24h Le Mans
10/04/2017 - 16:00

Baptême du feu à Silverstone pour l’un des plus excitants trio de la LMP2 !

Mélange d’expérience, de jeunesse et de passion, le trio de l’écurie TDS pourrait réserver quelques bonnes surprises cette saison. Emmanuel Collard explique pourquoi.
Baptême du feu à Silverstone pour l’un des plus excitants trio de la LMP2 !

Parmi les équipages nouveaux venus en LMP2, celui formé par les vainqueurs 2016 du Trophée FIA Endurance LMGTE Am ne passe pas inaperçu. Sans doute à cause de la réputation d’Emmanuel Collard et de la trajectoire de François Perrodo. Il faut dire que l’alliance du « pro » au palmarès des plus fournis et de « l’autodidacte » à la progression fulgurante a fait des étincelles au cours des saisons écoulées, spécialement la dernière avec un titre à la clé. Titre qui n’a pas, cependant, était le déclencheur du passage en catégorie LMP2.

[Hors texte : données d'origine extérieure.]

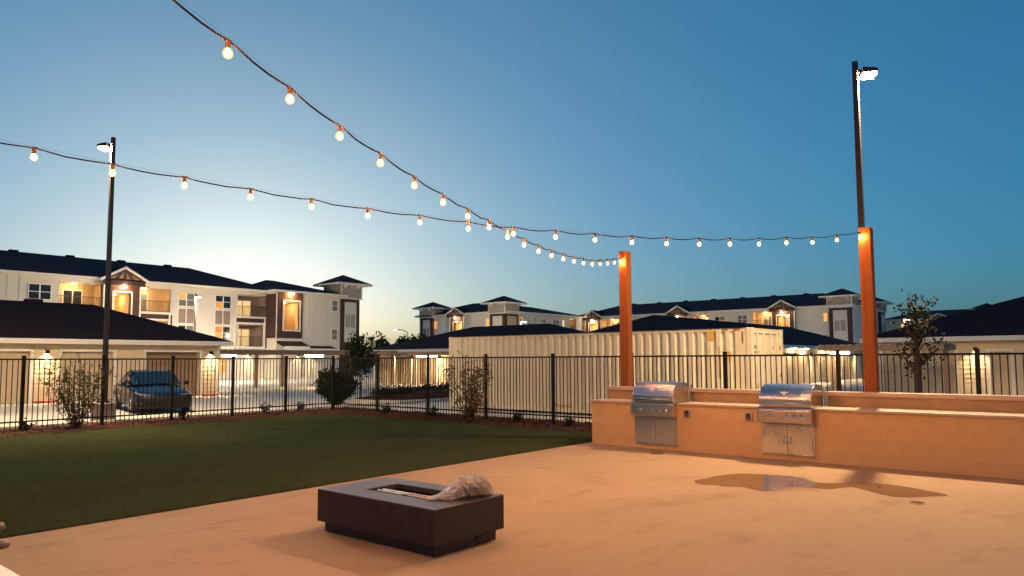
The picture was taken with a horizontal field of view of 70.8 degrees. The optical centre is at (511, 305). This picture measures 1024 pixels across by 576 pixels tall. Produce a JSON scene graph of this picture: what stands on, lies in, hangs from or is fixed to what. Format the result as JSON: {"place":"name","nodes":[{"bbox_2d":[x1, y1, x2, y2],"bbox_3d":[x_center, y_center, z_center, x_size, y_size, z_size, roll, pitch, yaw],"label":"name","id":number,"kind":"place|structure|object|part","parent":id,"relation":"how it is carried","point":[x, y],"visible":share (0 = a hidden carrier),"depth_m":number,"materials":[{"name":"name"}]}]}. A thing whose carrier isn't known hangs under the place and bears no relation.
{"place":"outdoors","nodes":[
{"label":"outdoors","id":0,"kind":"place"},
{"bbox_2d":[0,522,9,549],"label":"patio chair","id":1,"kind":"object","parent":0,"point":[4,543],"visible":1,"depth_m":4.40,"materials":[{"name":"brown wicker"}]},
{"bbox_2d":[0,298,233,403],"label":"garage","id":2,"kind":"structure","parent":0,"point":[34,328],"depth_m":33.36,"materials":[{"name":"beige paint"}]},
{"bbox_2d":[0,249,372,378],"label":"apartment building","id":3,"kind":"structure","parent":0,"point":[269,315],"depth_m":69.92,"materials":[{"name":"white paint"}]},
{"bbox_2d":[27,283,51,299],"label":"window","id":4,"kind":"structure","parent":3,"relation":"in","point":[35,290],"depth_m":57.84,"materials":[{"name":"clear glass"}]},
{"bbox_2d":[177,308,193,323],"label":"window","id":5,"kind":"structure","parent":3,"relation":"in","point":[184,315],"depth_m":66.90,"materials":[{"name":"white glass"}]},
{"bbox_2d":[177,325,193,330],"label":"window","id":6,"kind":"structure","parent":3,"relation":"in","point":[190,327],"depth_m":66.99,"materials":[{"name":"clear glass"}]},
{"bbox_2d":[178,292,194,306],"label":"window","id":7,"kind":"structure","parent":3,"relation":"in","point":[184,299],"depth_m":67.01,"materials":[{"name":"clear glass"}]},
{"bbox_2d":[214,310,230,324],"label":"window","id":8,"kind":"structure","parent":3,"relation":"in","point":[221,317],"depth_m":69.64,"materials":[{"name":"white glass"}]},
{"bbox_2d":[214,326,230,339],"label":"window","id":9,"kind":"structure","parent":3,"relation":"in","point":[224,332],"depth_m":69.62,"materials":[{"name":"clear glass"}]},
{"bbox_2d":[215,295,230,308],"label":"window","id":10,"kind":"structure","parent":3,"relation":"in","point":[221,301],"depth_m":69.78,"materials":[{"name":"clear glass"}]},
{"bbox_2d":[220,355,226,372],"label":"window","id":11,"kind":"structure","parent":3,"relation":"in","point":[224,360],"depth_m":69.52,"materials":[{"name":"orange glass"}]},
{"bbox_2d":[331,329,337,339],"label":"window","id":12,"kind":"structure","parent":3,"relation":"in","point":[334,332],"depth_m":77.46,"materials":[{"name":"grey glass"}]},
{"bbox_2d":[332,300,337,311],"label":"window","id":13,"kind":"structure","parent":3,"relation":"in","point":[334,302],"depth_m":77.71,"materials":[{"name":"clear glass"}]},
{"bbox_2d":[194,294,200,331],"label":"lamp pole","id":14,"kind":"object","parent":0,"point":[195,299],"visible":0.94,"depth_m":59.89,"materials":[{"name":"white metal"}]},
{"bbox_2d":[0,413,591,538],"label":"lawn","id":15,"kind":"structure","parent":0,"point":[128,451],"depth_m":12.80,"materials":[{"name":"green plant"}]},
{"bbox_2d":[0,367,862,426],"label":"parking lot","id":16,"kind":"structure","parent":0,"point":[299,391],"depth_m":30.42,"materials":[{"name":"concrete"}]},
{"bbox_2d":[90,137,115,420],"bbox_3d":[-11.996,-0.811,21.339,0.772,8.510,0.677,-4,-6,40],"label":"lamp pole","id":17,"kind":"object","parent":16,"relation":"on","point":[106,146],"visible":0.71,"depth_m":21.27,"materials":[{"name":"brown metal"}]},
{"bbox_2d":[113,369,190,412],"bbox_3d":[-13.192,3.065,26.323,2.200,1.469,4.818,3,-5,-38],"label":"parked car","id":18,"kind":"object","parent":16,"relation":"on","point":[158,387],"visible":0.78,"depth_m":25.05,"materials":[{"name":"paint"}]},
{"bbox_3d":[-13.740,2.573,25.884,0.275,0.480,0.630,3,-5,-38],"label":"side window","id":19,"kind":"part","parent":18,"relation":"part of","materials":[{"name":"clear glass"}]},
{"bbox_3d":[-13.277,2.554,25.313,0.255,0.430,0.840,3,-5,-38],"label":"side window","id":20,"kind":"part","parent":18,"relation":"part of","materials":[{"name":"blue glass"}]},
{"bbox_2d":[0,356,334,429],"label":"metal fence","id":21,"kind":"object","parent":16,"relation":"on","point":[102,400],"visible":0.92,"depth_m":21.33,"materials":[{"name":"black metal"}]},
{"bbox_2d":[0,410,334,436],"bbox_3d":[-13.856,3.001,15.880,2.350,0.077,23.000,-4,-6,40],"label":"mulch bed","id":22,"kind":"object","parent":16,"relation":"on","point":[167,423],"visible":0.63,"depth_m":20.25,"materials":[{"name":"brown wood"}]},
{"bbox_2d":[18,417,36,431],"bbox_3d":[-12.101,2.992,17.944,0.332,0.426,0.348,-2,-5,22],"label":"seedling","id":23,"kind":"object","parent":22,"relation":"on","point":[26,426],"visible":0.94,"depth_m":17.92,"materials":[{"name":"green plant"}]},
{"bbox_2d":[38,353,118,428],"bbox_3d":[-11.464,2.215,18.816,1.632,2.013,1.636,-1,-4,10],"label":"shrub","id":24,"kind":"object","parent":22,"relation":"on","point":[73,409],"visible":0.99,"depth_m":18.76,"materials":[{"name":"green plant"}]},
{"bbox_2d":[177,408,193,420],"bbox_3d":[-9.604,3.208,21.210,0.377,0.423,0.403,-4,-6,40],"label":"seedling","id":25,"kind":"object","parent":22,"relation":"on","point":[182,414],"visible":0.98,"depth_m":21.16,"materials":[{"name":"green plant"}]},
{"bbox_2d":[260,401,270,412],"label":"seedling","id":26,"kind":"object","parent":22,"relation":"on","point":[264,409],"visible":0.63,"depth_m":24.05,"materials":[{"name":"green plant"}]},
{"bbox_2d":[0,406,591,435],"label":"bark mulch","id":27,"kind":"object","parent":22,"relation":"on","point":[284,413],"visible":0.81,"depth_m":20.68,"materials":[{"name":"brown wood"}]},
{"bbox_2d":[381,402,390,412],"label":"seedling","id":28,"kind":"object","parent":27,"relation":"on","point":[385,410],"visible":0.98,"depth_m":23.49,"materials":[{"name":"green plant"}]},
{"bbox_2d":[426,404,438,416],"bbox_3d":[-2.431,3.220,22.061,0.317,0.406,0.419,3,-5,-37],"label":"seedling","id":29,"kind":"object","parent":27,"relation":"on","point":[432,411],"visible":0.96,"depth_m":21.97,"materials":[{"name":"green plant"}]},
{"bbox_2d":[441,350,496,421],"bbox_3d":[-1.144,2.264,20.415,1.476,2.053,1.638,-2,-5,24],"label":"shrub","id":30,"kind":"object","parent":27,"relation":"on","point":[473,404],"visible":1,"depth_m":20.26,"materials":[{"name":"green plant"}]},
{"bbox_2d":[512,410,522,422],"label":"seedling","id":31,"kind":"object","parent":27,"relation":"on","point":[518,418],"visible":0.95,"depth_m":19.82,"materials":[{"name":"green plant"}]},
{"bbox_2d":[564,415,575,426],"bbox_3d":[1.492,3.008,18.607,0.360,0.392,0.309,-4,-6,40],"label":"seedling","id":32,"kind":"object","parent":27,"relation":"on","point":[568,423],"visible":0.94,"depth_m":18.59,"materials":[{"name":"green plant"}]},
{"bbox_2d":[0,399,442,429],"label":"kerb","id":33,"kind":"structure","parent":16,"relation":"on","point":[152,418],"depth_m":22.66,"materials":[{"name":"concrete"}]},
{"bbox_2d":[220,349,396,387],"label":"carport","id":34,"kind":"object","parent":16,"relation":"on","point":[257,353],"visible":0.81,"depth_m":47.28,"materials":[{"name":"metal"}]},
{"bbox_2d":[308,364,362,405],"bbox_3d":[-6.722,3.018,27.439,1.732,1.645,1.923,-1,-4,14],"label":"bush","id":35,"kind":"object","parent":16,"relation":"on","point":[341,382],"visible":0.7,"depth_m":27.08,"materials":[{"name":"green plant"}]},
{"bbox_2d":[369,335,389,347],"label":"tree","id":36,"kind":"object","parent":16,"relation":"on","point":[381,342],"visible":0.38,"depth_m":91.23,"materials":[{"name":"green plant"}]},
{"bbox_2d":[349,397,448,402],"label":"kerb","id":37,"kind":"structure","parent":16,"relation":"on","point":[363,400],"depth_m":30.02,"materials":[{"name":"concrete"}]},
{"bbox_2d":[356,390,448,399],"bbox_3d":[-3.793,4.001,33.103,3.927,0.280,7.293,-4,-6,40],"label":"mulch mound","id":38,"kind":"object","parent":16,"relation":"on","point":[403,395],"visible":0.37,"depth_m":31.07,"materials":[{"name":"brown wood"}]},
{"bbox_2d":[341,330,381,396],"bbox_3d":[-6.623,2.610,31.482,1.853,3.085,1.957,1,-5,-20],"label":"tree","id":39,"kind":"object","parent":38,"relation":"on","point":[359,349],"visible":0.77,"depth_m":31.37,"materials":[{"name":"green plant"}]},
{"bbox_2d":[365,382,448,395],"bbox_3d":[-4.477,3.786,33.408,1.747,0.566,7.192,-2,-5,22],"label":"hedge","id":40,"kind":"object","parent":38,"relation":"on","point":[403,389],"visible":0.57,"depth_m":32.16,"materials":[{"name":"green plant"}]},
{"bbox_2d":[394,333,416,343],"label":"tree","id":41,"kind":"object","parent":16,"relation":"on","point":[402,339],"visible":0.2,"depth_m":93.08,"materials":[{"name":"green plant"}]},
{"bbox_2d":[374,351,448,384],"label":"carport","id":42,"kind":"object","parent":16,"relation":"on","point":[420,354],"visible":0.53,"depth_m":51.38,"materials":[{"name":"metal"}]},
{"bbox_2d":[410,329,426,339],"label":"tree","id":43,"kind":"object","parent":16,"relation":"on","point":[421,335],"visible":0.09,"depth_m":96.04,"materials":[{"name":"green plant"}]},
{"bbox_2d":[449,327,783,413],"bbox_3d":[2.831,2.223,23.872,11.438,2.597,2.408,-4,-6,40],"label":"shipping container","id":44,"kind":"object","parent":16,"relation":"on","point":[746,341],"visible":0.64,"depth_m":22.41,"materials":[{"name":"paint"}]},
{"bbox_2d":[754,331,767,388],"bbox_3d":[6.861,1.892,19.862,0.081,2.385,1.027,-4,-6,40],"label":"door","id":45,"kind":"structure","parent":44,"relation":"in","point":[759,339],"depth_m":19.93,"materials":[{"name":"paint"}]},
{"bbox_2d":[766,332,780,383],"bbox_3d":[7.533,1.949,20.670,0.081,2.385,1.047,-4,-6,40],"label":"door","id":46,"kind":"structure","parent":44,"relation":"in","point":[773,340],"depth_m":20.67,"materials":[{"name":"paint"}]},
{"bbox_2d":[333,349,1023,424],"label":"metal fence","id":47,"kind":"object","parent":16,"relation":"on","point":[837,355],"visible":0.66,"depth_m":19.33,"materials":[{"name":"black metal"}]},
{"bbox_2d":[852,61,877,227],"bbox_3d":[7.664,-1.239,15.382,0.500,8.200,0.320,-1,-4,10],"label":"lamp pole","id":48,"kind":"object","parent":16,"relation":"on","point":[864,73],"visible":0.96,"depth_m":15.53,"materials":[{"name":"brown metal"}]},
{"bbox_2d":[818,343,955,393],"bbox_3d":[16.269,2.852,31.210,4.800,2.365,3.000,-4,-6,40],"label":"carport","id":49,"kind":"object","parent":16,"relation":"on","point":[846,349],"visible":0.72,"depth_m":30.37,"materials":[{"name":"metal"}]},
{"bbox_2d":[890,289,951,392],"bbox_3d":[8.628,1.237,15.138,1.109,3.261,1.212,-4,-6,40],"label":"tree","id":50,"kind":"object","parent":16,"relation":"on","point":[917,336],"visible":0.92,"depth_m":15.10,"materials":[{"name":"green plant"}]},
{"bbox_2d":[370,323,585,384],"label":"garage","id":51,"kind":"structure","parent":0,"point":[438,342],"depth_m":52.33,"materials":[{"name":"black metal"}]},
{"bbox_2d":[412,296,586,336],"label":"apartment building","id":52,"kind":"structure","parent":0,"point":[435,318],"depth_m":111.34,"materials":[{"name":"white paint"}]},
{"bbox_2d":[553,320,558,325],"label":"window","id":53,"kind":"structure","parent":52,"relation":"in","point":[556,322],"depth_m":114.46,"materials":[{"name":"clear glass"}]},
{"bbox_2d":[0,442,1023,575],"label":"patio","id":54,"kind":"structure","parent":0,"point":[623,527],"depth_m":7.38,"materials":[{"name":"concrete"}]},
{"bbox_2d":[0,565,18,575],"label":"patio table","id":55,"kind":"object","parent":54,"relation":"on","point":[4,571],"depth_m":3.46,"materials":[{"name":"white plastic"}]},
{"bbox_2d":[317,477,503,556],"bbox_3d":[-1.048,2.093,7.275,1.730,0.433,0.945,-4,-6,40],"label":"fire pit","id":56,"kind":"object","parent":54,"relation":"on","point":[404,514],"visible":0.93,"depth_m":6.86,"materials":[{"name":"concrete"}]},
{"bbox_2d":[426,474,493,499],"bbox_3d":[-0.503,1.751,6.979,0.663,0.204,0.403,2,-5,-23],"label":"plastic bag","id":57,"kind":"object","parent":56,"relation":"on","point":[452,490],"visible":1,"depth_m":6.92,"materials":[{"name":"beige"}]},
{"bbox_2d":[619,251,632,385],"bbox_3d":[2.530,0.854,16.039,0.210,4.170,0.255,-4,-6,40],"label":"cedar post","id":58,"kind":"object","parent":54,"relation":"on","point":[626,351],"visible":0.67,"depth_m":16.02,"materials":[{"name":"brown wood"}]},
{"bbox_2d":[172,0,620,264],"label":"string light","id":59,"kind":"object","parent":58,"relation":"hanging from","point":[228,42],"visible":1,"depth_m":6.02,"materials":[{"name":"rubber"}]},
{"bbox_2d":[647,452,665,454],"bbox_3d":[2.691,2.742,13.398,0.340,0.012,0.340,-4,-6,40],"label":"floor cap","id":60,"kind":"object","parent":54,"relation":"on","point":[656,453],"visible":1,"depth_m":13.33,"materials":[{"name":"metal"}]},
{"bbox_2d":[589,384,1023,479],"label":"grill counter","id":61,"kind":"object","parent":54,"relation":"on","point":[972,434],"visible":0.86,"depth_m":11.80,"materials":[{"name":"paint"}]},
{"bbox_2d":[630,381,688,445],"bbox_3d":[2.931,2.115,14.272,0.922,1.220,0.769,-4,-6,40],"label":"built in grill","id":62,"kind":"object","parent":61,"relation":"in","point":[652,399],"visible":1,"depth_m":14.07,"materials":[{"name":"metal"}]},
{"bbox_2d":[636,418,655,443],"bbox_3d":[2.633,2.463,14.217,0.419,0.474,0.061,-4,-6,40],"label":"door","id":63,"kind":"structure","parent":62,"relation":"in","point":[645,428],"depth_m":14.22,"materials":[{"name":"metal"}]},
{"bbox_2d":[655,419,675,444],"bbox_3d":[2.960,2.441,13.947,0.419,0.474,0.061,-4,-6,40],"label":"door","id":64,"kind":"structure","parent":62,"relation":"in","point":[664,429],"depth_m":13.95,"materials":[{"name":"metal"}]},
{"bbox_2d":[757,383,822,456],"bbox_3d":[4.897,1.985,12.645,0.922,1.220,0.769,-4,-6,40],"label":"built in grill","id":65,"kind":"object","parent":61,"relation":"in","point":[781,405],"visible":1,"depth_m":12.44,"materials":[{"name":"metal"}]},
{"bbox_2d":[763,425,787,453],"bbox_3d":[4.598,2.333,12.590,0.419,0.474,0.061,-4,-6,40],"label":"door","id":66,"kind":"structure","parent":65,"relation":"in","point":[775,438],"depth_m":12.59,"materials":[{"name":"metal"}]},
{"bbox_2d":[787,426,813,455],"bbox_3d":[4.925,2.311,12.320,0.419,0.474,0.061,-4,-6,40],"label":"door","id":67,"kind":"structure","parent":65,"relation":"in","point":[800,439],"depth_m":12.32,"materials":[{"name":"metal"}]},
{"bbox_2d":[694,473,949,497],"bbox_3d":[4.173,2.477,9.873,3.066,0.001,1.641,-4,-6,40],"label":"damp patch","id":68,"kind":"object","parent":54,"relation":"on","point":[829,489],"visible":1,"depth_m":9.74,"materials":[{"name":"concrete"}]},
{"bbox_2d":[694,474,947,496],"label":"puddle","id":69,"kind":"object","parent":68,"relation":"on","point":[763,482],"visible":1,"depth_m":10.03,"materials":[{"name":"liquid"}]},
{"bbox_2d":[858,227,879,391],"bbox_3d":[6.381,0.634,12.850,0.210,4.100,0.255,-4,-6,40],"label":"cedar post","id":70,"kind":"object","parent":54,"relation":"on","point":[868,313],"visible":0.69,"depth_m":12.84,"materials":[{"name":"brown wood"}]},
{"bbox_2d":[908,501,926,504],"bbox_3d":[4.915,2.385,8.732,0.200,0.012,0.200,-4,-6,40],"label":"floor cap","id":71,"kind":"object","parent":54,"relation":"on","point":[917,502],"visible":1,"depth_m":8.71,"materials":[{"name":"metal"}]},
{"bbox_2d":[0,0,1023,357],"label":"sky","id":72,"kind":"structure","parent":0,"point":[714,120],"materials":[{"name":"blue"}]},
{"bbox_2d":[586,315,863,383],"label":"garage","id":73,"kind":"structure","parent":0,"point":[796,341],"depth_m":50.09,"materials":[{"name":"black metal"}]},
{"bbox_2d":[581,288,893,343],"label":"apartment building","id":74,"kind":"structure","parent":0,"point":[836,314],"depth_m":104.19,"materials":[{"name":"beige paint"}]},
{"bbox_2d":[714,316,724,320],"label":"window","id":75,"kind":"structure","parent":74,"relation":"in","point":[719,318],"depth_m":106.97,"materials":[{"name":"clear glass"}]},
{"bbox_2d":[737,315,747,322],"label":"window","id":76,"kind":"structure","parent":74,"relation":"in","point":[740,318],"depth_m":104.80,"materials":[{"name":"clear glass"}]},
{"bbox_2d":[823,312,827,321],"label":"window","id":77,"kind":"structure","parent":74,"relation":"in","point":[825,315],"depth_m":97.45,"materials":[{"name":"glass"}]},
{"bbox_2d":[885,303,991,330],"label":"apartment building","id":78,"kind":"structure","parent":0,"point":[936,313],"depth_m":119.52,"materials":[{"name":"beige"}]},
{"bbox_2d":[859,296,1023,395],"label":"garage","id":79,"kind":"structure","parent":0,"point":[996,328],"depth_m":33.48,"materials":[{"name":"beige metal"}]},
{"bbox_3d":[-6.204,0.123,5.796,0.210,4.190,0.255,-4,-6,40],"label":"cedar post","id":80,"kind":"object","parent":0,"visible":0},
{"bbox_2d":[0,140,860,245],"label":"string light","id":81,"kind":"object","parent":80,"relation":"hanging from","point":[34,149],"visible":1,"depth_m":8.38,"materials":[{"name":"rubber"}]}
]}

« Nous ne nous sommes pas dit, ça y est nous sommes champions et nous pouvons passer à autre chose, prévient Emmanuel Collard. Le déclencheur, c’est les 40 ans de François (Perrodo) cette année ! Après 4 ans de GT, Il s’est dit que ça n’allait pas être à 50 ans qu’il allait tenter l’aventure du proto. Comme il y a cette année la nouvelle réglementation avec les nouvelles voitures valable 4 ou 5 ans, il s’est dit que c’était maintenant ou jamais. Il veut essayer, voir comment ça se passe et, si c’est trop difficile, revenir au GT. L’objectif, c’est de faire comme en GT : partir de zéro et progresser pour faire des résultats dans les saisons qui viennent. Il a montré ce qu’il savait faire en GT, et c’est une étape logique ! »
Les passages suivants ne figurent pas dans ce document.